How to extract data from a purchase order PDF
Pull PO number, buyer, supplier, line items, and delivery terms from any purchase order PDF — with Python, ERP exports, and AI extraction for AP three-way matching.
Purchase orders come from every ERP system on the market — SAP, Oracle, NetSuite, QuickBooks, Microsoft Dynamics, and custom-built systems. Each generates a different PDF layout. Extracting the same fields (PO number, buyer, supplier, line items, totals) from all of them without per-supplier templates is the challenge.
What to extract from a purchase order
- PO header — PO number, PO date, buyer company and address, supplier company and address
- Delivery info — ship-to address, delivery date, incoterms
- Line items — line number, SKU/item code, description, quantity, unit price, line total
- Payment terms — net 30, 2/10 net 30, etc.
- Totals — subtotal, shipping, tax, grand total
- Signature and approval references (where present)
Method 1: ERP export (skip extraction where possible)
If you control the ERP that generated the PO, export the data directly rather than parsing the PDF. Most ERPs (SAP, Oracle, NetSuite) have API endpoints or export functions that return PO data as JSON or XML. The PDF is a human-readable representation; the source data is in the ERP. Extraction is for when you're on the receiving end of a PO from a buyer whose system you don't control.
Method 2: Python with Camelot for structured PO PDFs
POs generated by major ERPs often have well-formed tables that Camelot handles well.
- pip install camelot-py[cv] pandas
- import camelot, pandas as pd
- tables = camelot.read_pdf('purchase_order.pdf', flavor='lattice', pages='all')
- line_items = tables[0].df # usually the first table is the line-item grid
- line_items.to_csv('po_lines.csv', index=False)

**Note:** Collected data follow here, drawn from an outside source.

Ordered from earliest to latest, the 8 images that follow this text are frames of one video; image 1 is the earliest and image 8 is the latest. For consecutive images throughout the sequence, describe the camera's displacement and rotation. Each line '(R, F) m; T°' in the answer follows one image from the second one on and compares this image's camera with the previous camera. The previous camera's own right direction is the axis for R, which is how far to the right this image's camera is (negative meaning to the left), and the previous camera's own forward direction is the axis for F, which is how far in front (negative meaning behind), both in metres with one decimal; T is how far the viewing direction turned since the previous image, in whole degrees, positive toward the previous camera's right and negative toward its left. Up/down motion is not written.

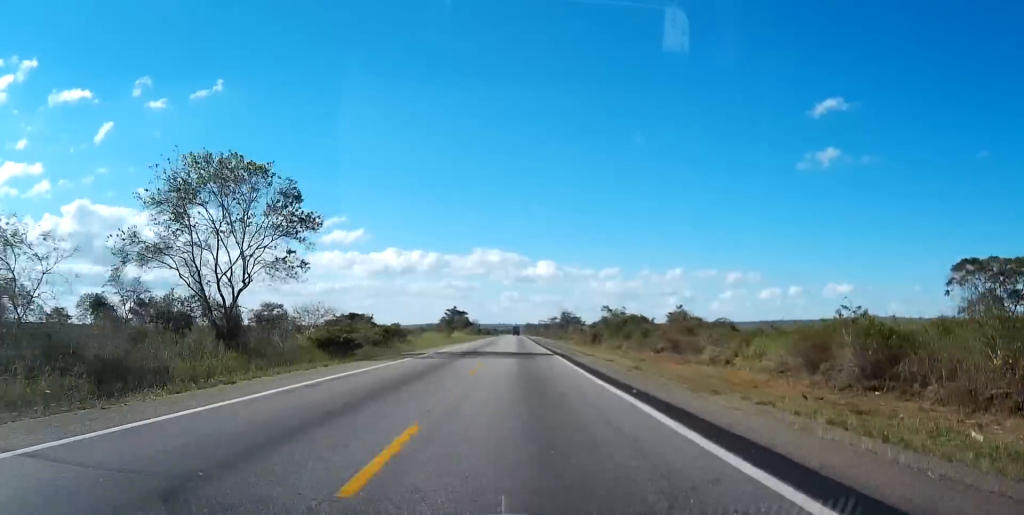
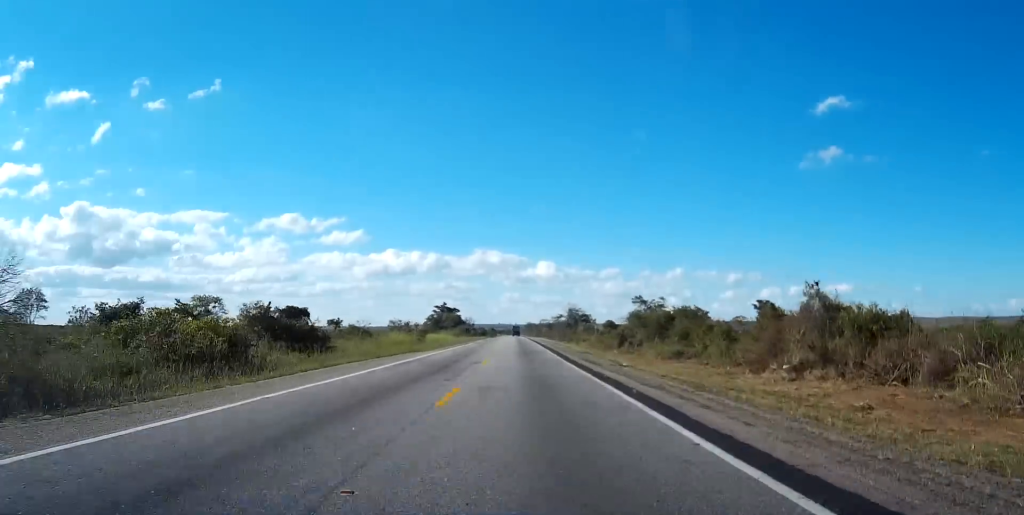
(+0.1, +41.4) m; 0°
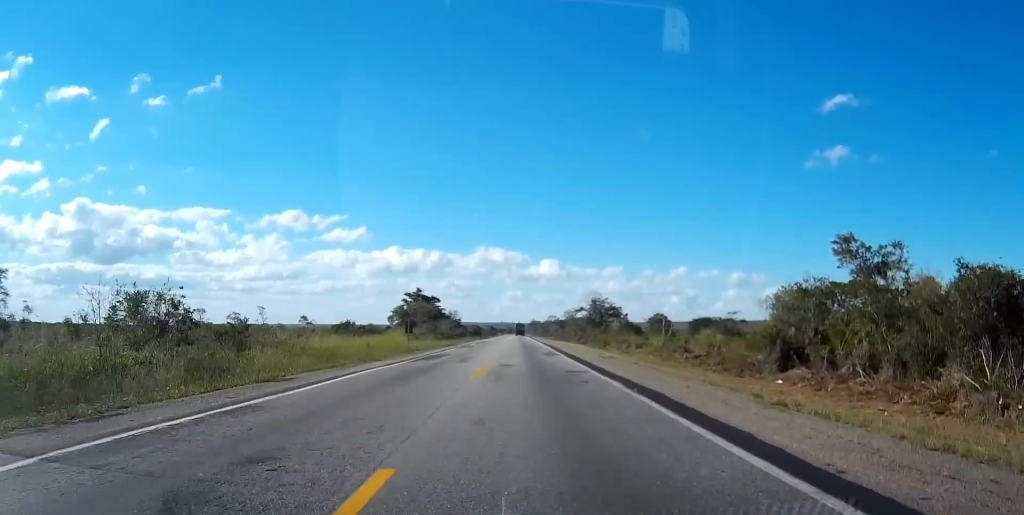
(-0.3, +72.8) m; 0°
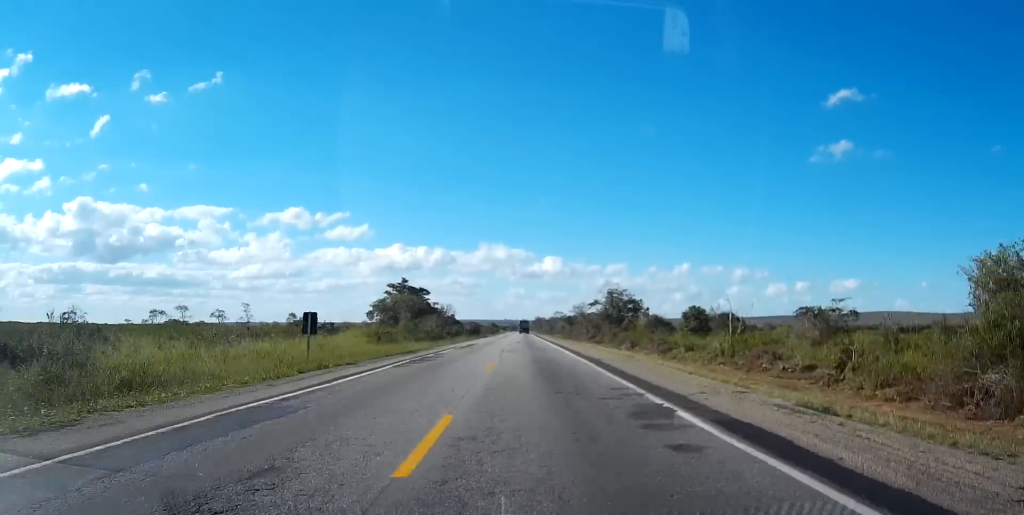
(0.0, +27.9) m; 0°
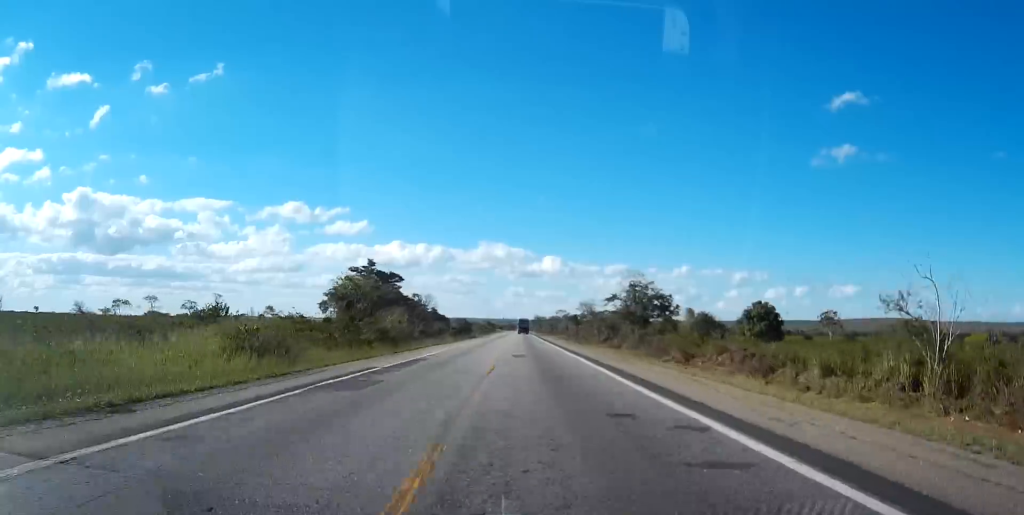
(0.0, +34.2) m; 0°
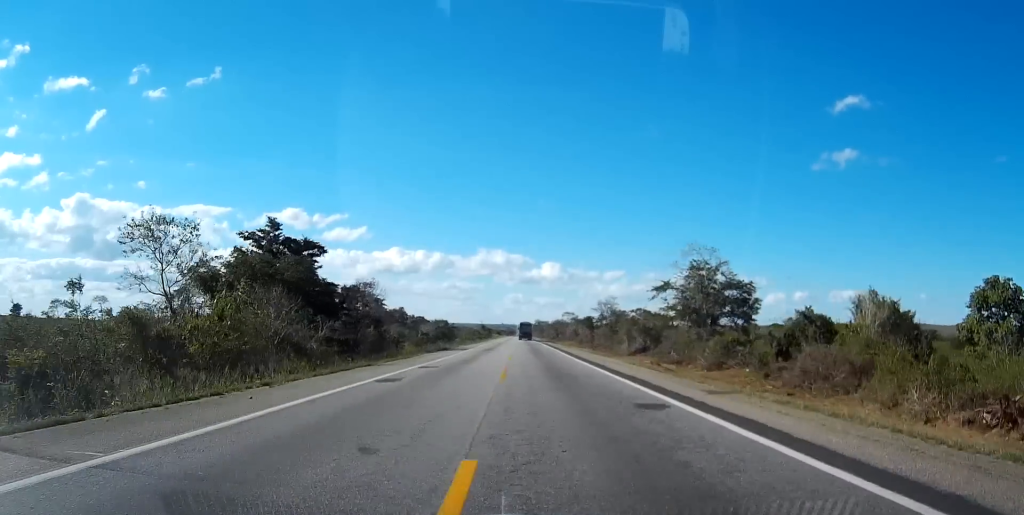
(0.0, +48.6) m; 0°
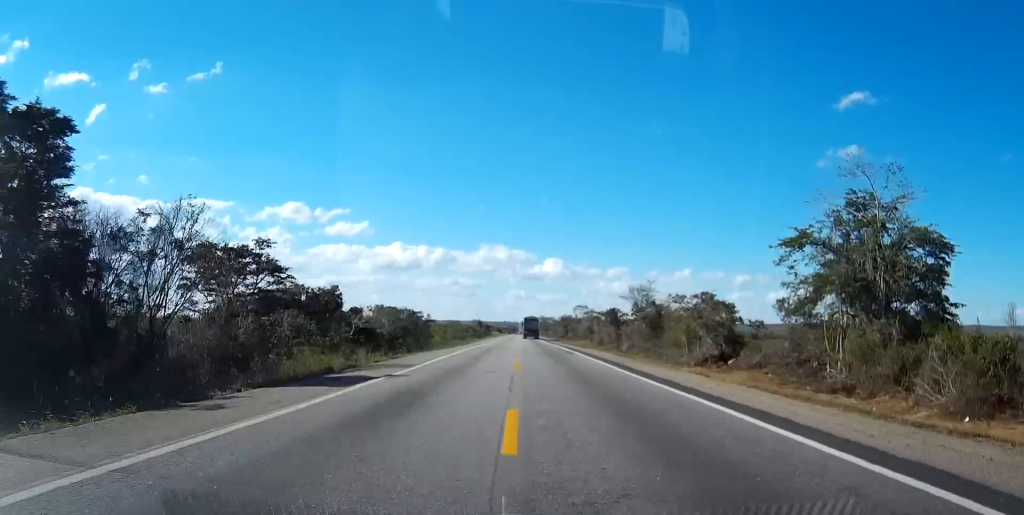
(0.0, +43.7) m; 0°
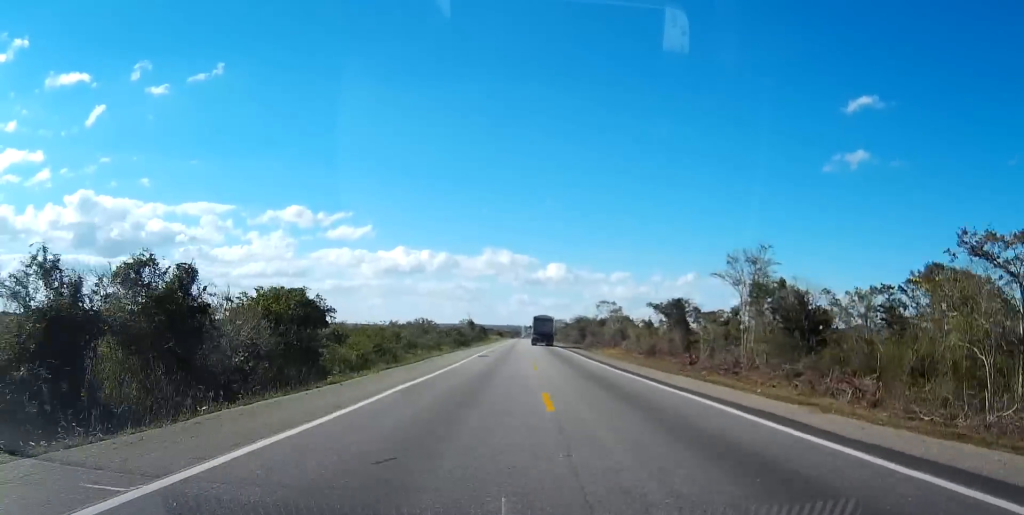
(-0.1, +58.4) m; 0°

Camelot extracts the table but not the header metadata (PO number, buyer, supplier, dates). You'd combine it with pdfplumber text extraction and regex to pull the header fields. This is a workable approach for a single buyer whose PO template you know well — not scalable across many buyers.
Method 3: AI extraction (any buyer, any ERP-generated layout)

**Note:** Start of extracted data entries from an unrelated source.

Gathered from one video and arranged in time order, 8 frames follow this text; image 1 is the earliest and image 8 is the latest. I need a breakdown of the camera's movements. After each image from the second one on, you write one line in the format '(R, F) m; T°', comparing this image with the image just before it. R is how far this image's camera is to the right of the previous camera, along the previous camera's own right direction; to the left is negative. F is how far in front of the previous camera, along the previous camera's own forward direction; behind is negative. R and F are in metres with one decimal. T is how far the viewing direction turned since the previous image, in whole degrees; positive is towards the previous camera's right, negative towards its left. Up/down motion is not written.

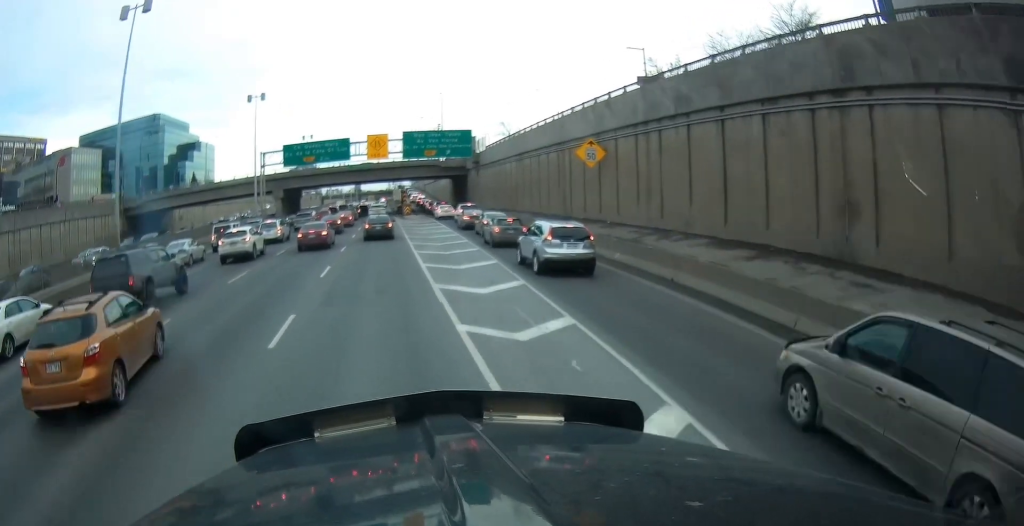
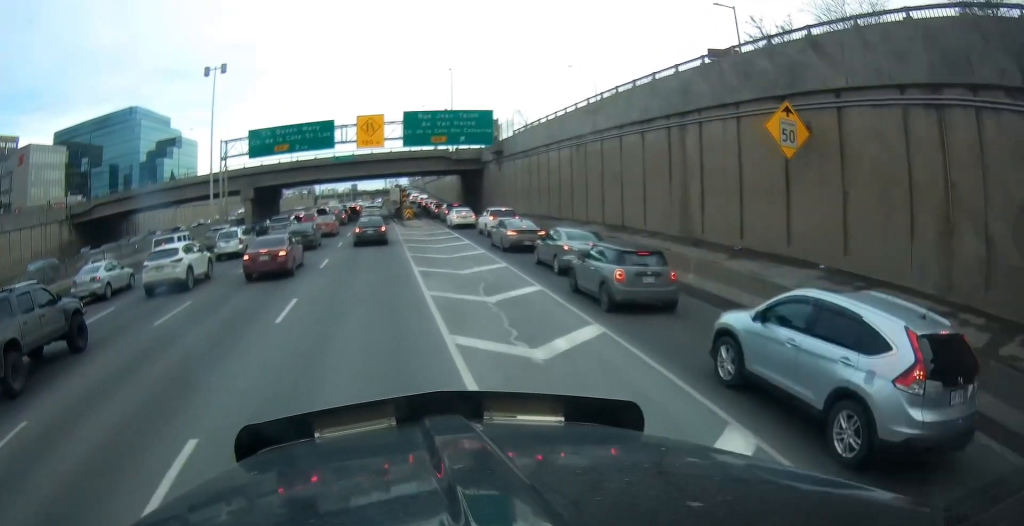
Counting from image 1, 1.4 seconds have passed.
(0.0, +17.4) m; -1°
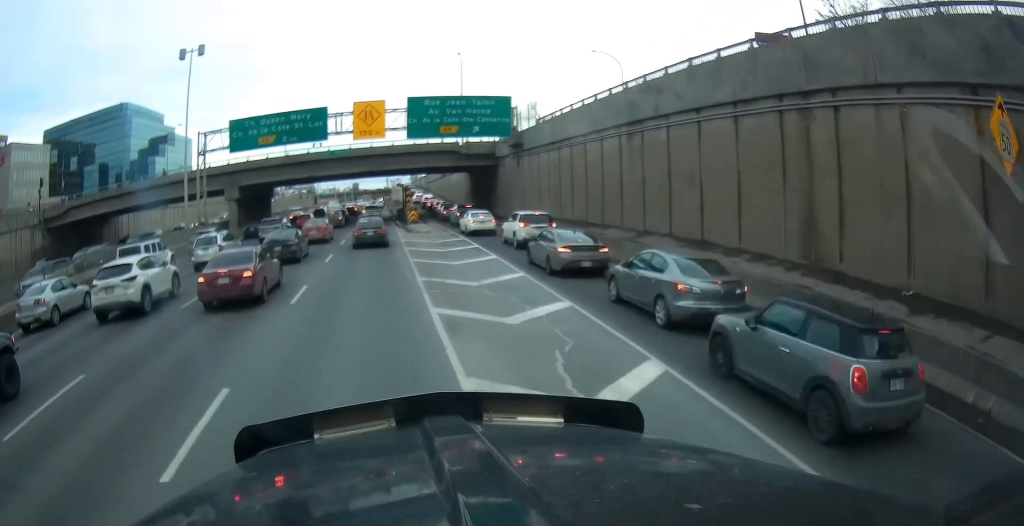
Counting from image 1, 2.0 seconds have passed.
(-0.1, +7.8) m; 0°
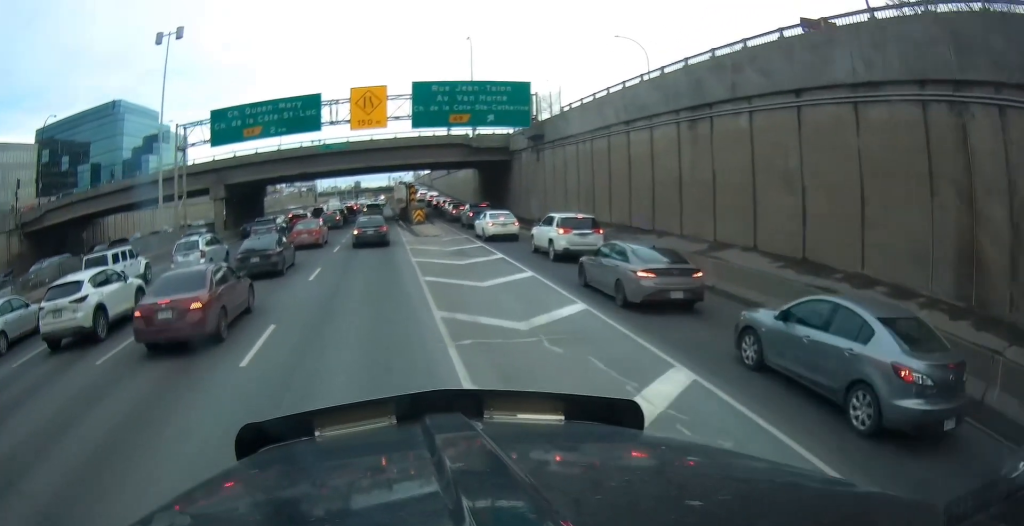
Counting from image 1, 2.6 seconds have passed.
(0.0, +5.9) m; +1°
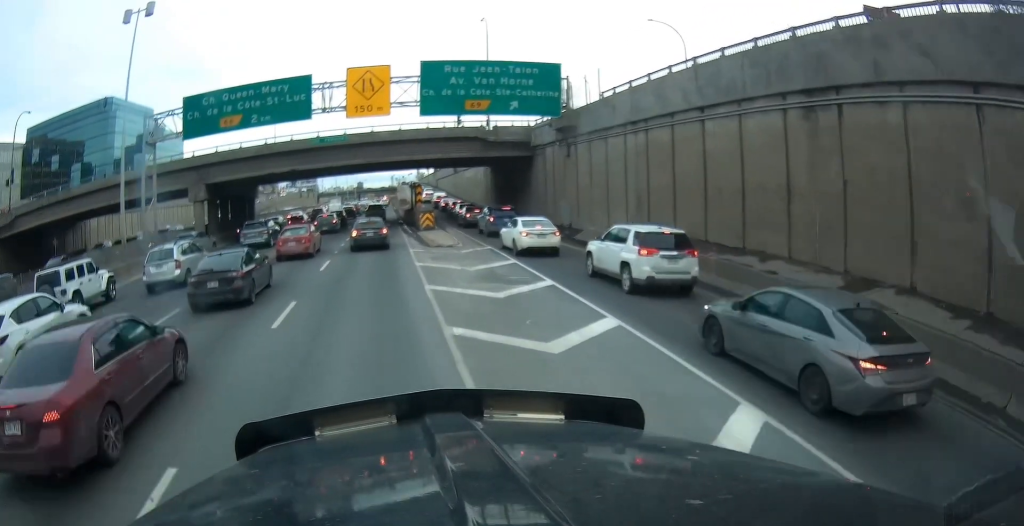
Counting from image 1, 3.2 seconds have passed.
(+0.1, +6.8) m; +1°
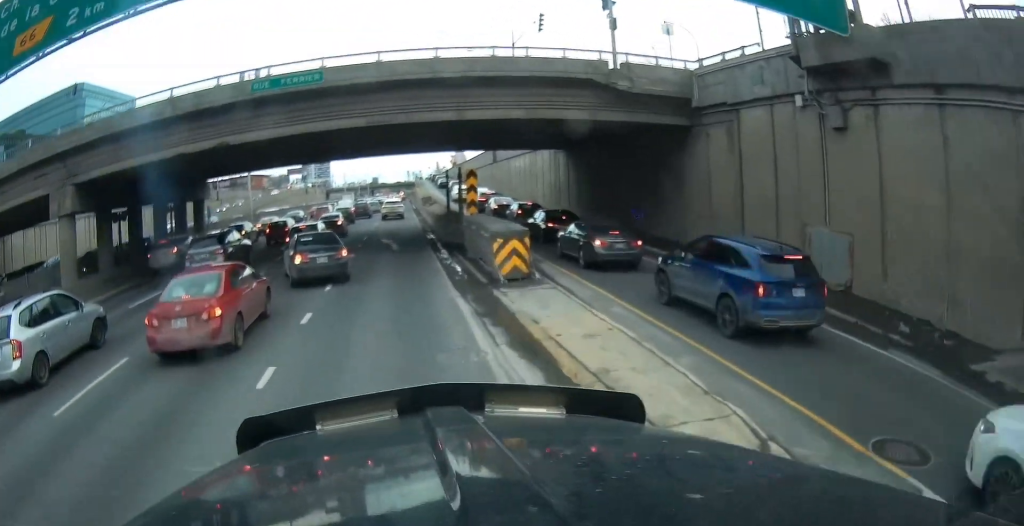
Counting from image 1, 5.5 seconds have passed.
(-0.1, +23.0) m; -3°
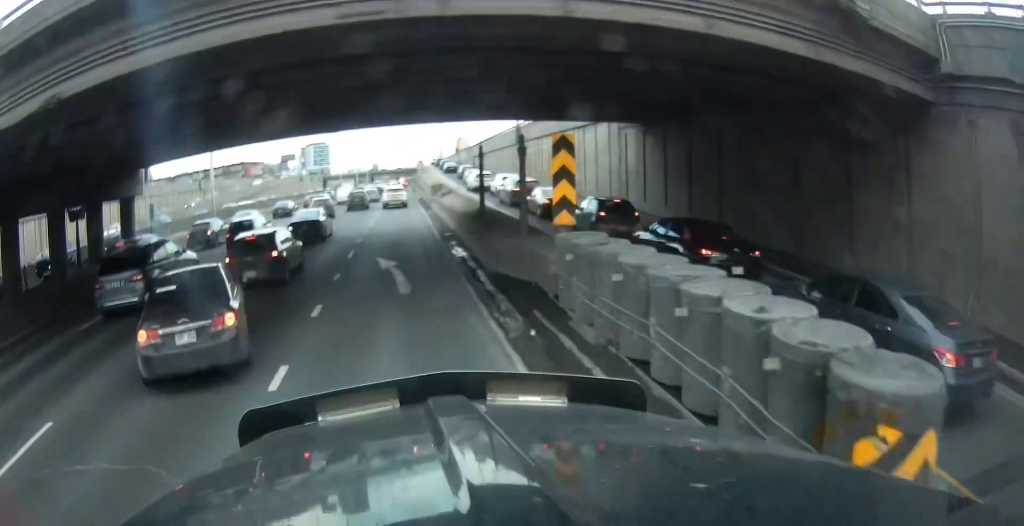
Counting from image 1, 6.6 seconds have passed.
(-0.3, +11.5) m; -2°
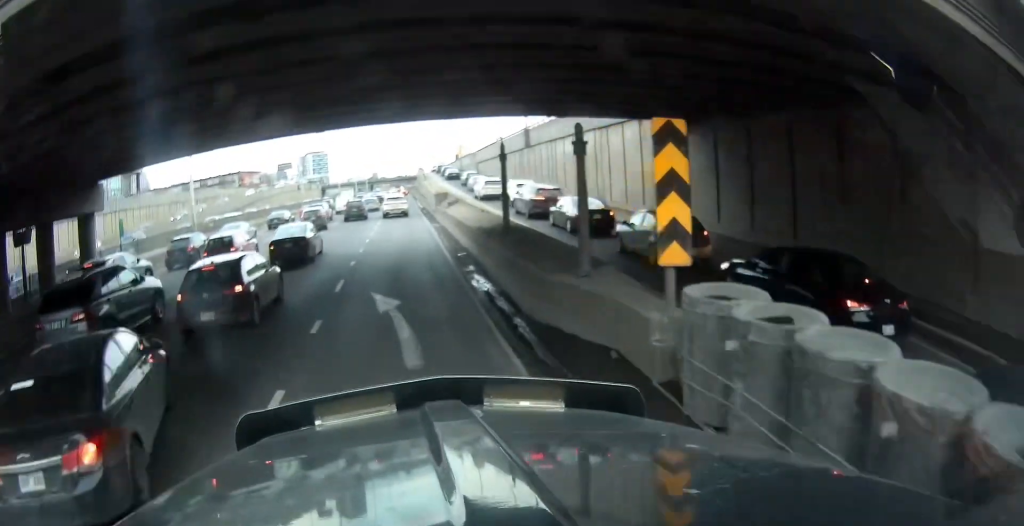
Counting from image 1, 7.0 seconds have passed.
(0.0, +4.5) m; 0°

AI extraction understands purchase orders as documents — it knows that the largest company name near the top is the buyer, that 'PO No.', 'Purchase Order Number', and 'PO #' all refer to the same field, and that the line-item table has quantity × unit price = line total regardless of column order.
AP three-way matching
Three-way matching — verifying that the PO, goods receipt, and invoice all agree — requires extracting comparable fields from all three documents. Extract the PO line items, the invoice line items, and match them by SKU and quantity. Discrepancies in price or quantity flag for review. AI extraction returns the same schema for POs and invoices, making the comparison a straightforward data operation rather than a manual check.
Receiving POs from many buyers
Suppliers typically receive POs from many buyers, each using their own ERP system and PO template. Per-buyer parsing templates break every time a buyer upgrades their system or changes a field label. AI extraction handles each new buyer's template automatically — no template to build, no maintenance when templates change.
Frequently asked questions
How do I extract line items from a purchase order PDF?+
For a PO from a single known buyer with a consistent template, Camelot (Python) extracts the line-item table well. For POs from many buyers with different layouts, AI extraction returns the same schema (SKU, description, quantity, unit price, line total) regardless of layout.
How do I automate purchase order data entry from PDFs?+
Route incoming PO emails to a processor that sends each PDF to an extraction API. The API returns JSON — PO number, buyer, line items, totals — that your ERP or procurement system ingests directly. No manual re-keying.
Can I extract PO data from scanned or signed POs?+
Yes with AI extraction. Scanned POs (or POs with wet signatures that were scanned after signing) have no text layer — Camelot and pdfplumber return nothing. AI extraction applies OCR automatically.
How is a PO extractor different from an invoice extractor?+
POs and invoices share similar structure (line items, buyer/seller, totals) but different fields matter. POs emphasize delivery terms, ship-to addresses, and item codes. Invoices emphasize payment terms, due dates, and tax. Using a purpose-built extractor for each ensures the right fields are returned in the right schema.